Problem statement: Return only the lines running from the top of the entries to the line with "STEP (ISO 10303-21)", inclusive, exactly as written.

Top of Data

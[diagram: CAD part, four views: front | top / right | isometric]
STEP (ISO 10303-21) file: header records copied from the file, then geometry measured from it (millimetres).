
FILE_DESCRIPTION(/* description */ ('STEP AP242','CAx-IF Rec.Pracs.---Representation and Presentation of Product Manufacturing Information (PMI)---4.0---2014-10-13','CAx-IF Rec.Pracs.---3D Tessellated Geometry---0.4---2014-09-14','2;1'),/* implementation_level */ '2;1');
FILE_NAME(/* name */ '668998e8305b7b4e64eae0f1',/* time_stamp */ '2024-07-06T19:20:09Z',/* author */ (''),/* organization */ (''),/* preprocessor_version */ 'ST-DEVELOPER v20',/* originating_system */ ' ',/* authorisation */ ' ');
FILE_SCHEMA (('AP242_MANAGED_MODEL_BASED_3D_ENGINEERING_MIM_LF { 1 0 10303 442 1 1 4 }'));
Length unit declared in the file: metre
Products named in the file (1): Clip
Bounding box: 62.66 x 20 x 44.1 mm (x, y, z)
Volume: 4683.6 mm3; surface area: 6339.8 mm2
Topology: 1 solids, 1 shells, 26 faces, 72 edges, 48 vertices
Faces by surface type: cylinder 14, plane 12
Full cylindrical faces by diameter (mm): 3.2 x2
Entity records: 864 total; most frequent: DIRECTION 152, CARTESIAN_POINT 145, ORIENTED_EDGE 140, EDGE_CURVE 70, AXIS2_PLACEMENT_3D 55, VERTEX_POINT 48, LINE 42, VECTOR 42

Bottom of Data

Result:
[diagram: CAD part, four views: front | top / right | isometric]
STEP (ISO 10303-21) file: header records copied from the file, then geometry measured from it (millimetres).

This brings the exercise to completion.